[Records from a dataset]
Segment Open

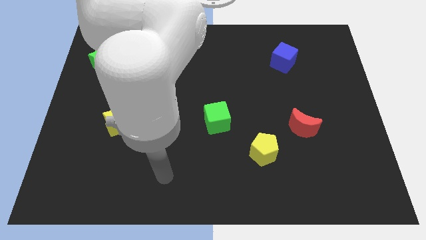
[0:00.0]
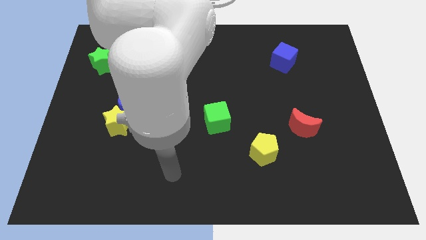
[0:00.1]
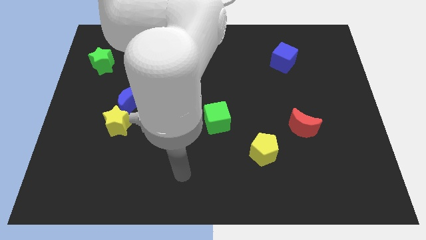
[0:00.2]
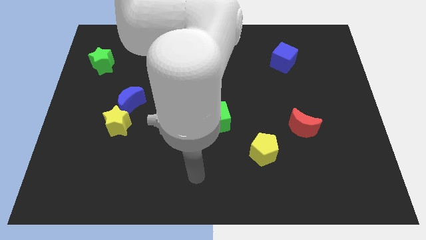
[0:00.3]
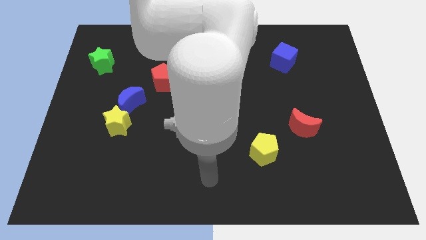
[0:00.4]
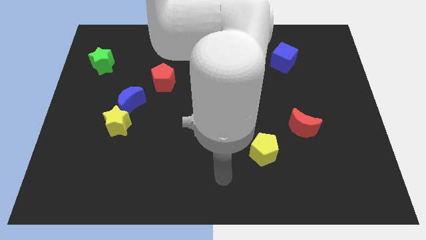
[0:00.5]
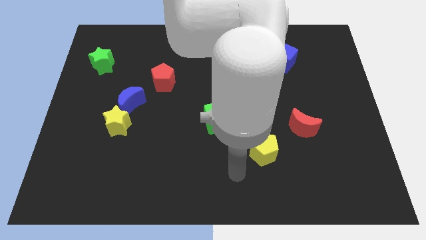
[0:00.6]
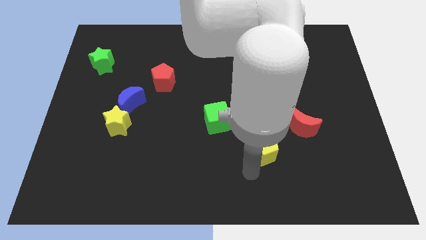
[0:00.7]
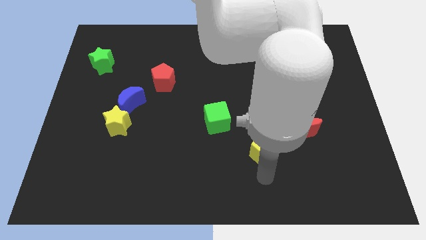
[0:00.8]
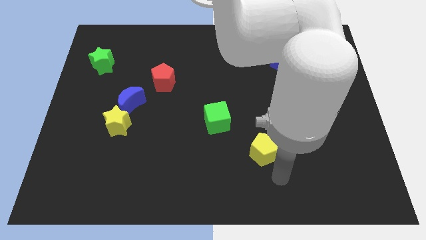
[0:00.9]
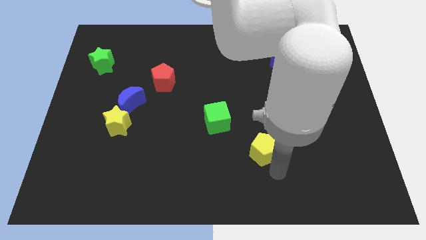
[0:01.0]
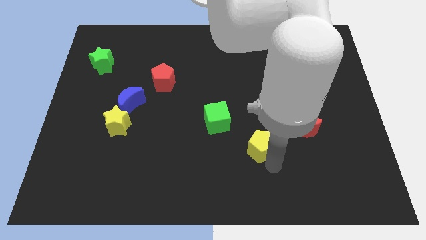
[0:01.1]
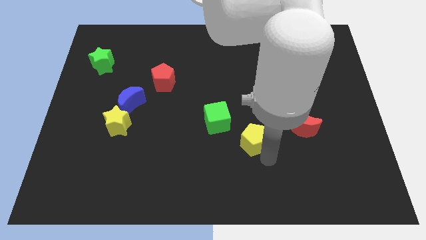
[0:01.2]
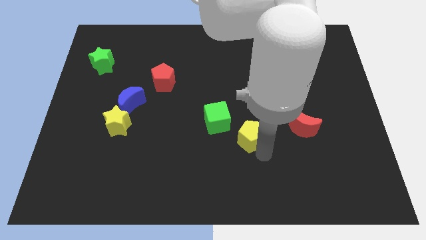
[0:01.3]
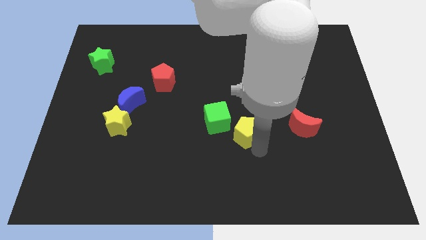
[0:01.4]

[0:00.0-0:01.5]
push the yellow pentagon to the center of the board

Segment Closed

Task description = Return the data above unchanged. Pictures are not part of the copy.

Solution for this task =
[0:00.0]
[0:00.1]
[0:00.2]
[0:00.3]
[0:00.4]
[0:00.5]
[0:00.6]
[0:00.7]
[0:00.8]
[0:00.9]
[0:01.0]
[0:01.1]
[0:01.2]
[0:01.3]
[0:01.4]

[0:00.0-0:01.5]
push the yellow pentagon to the center of the board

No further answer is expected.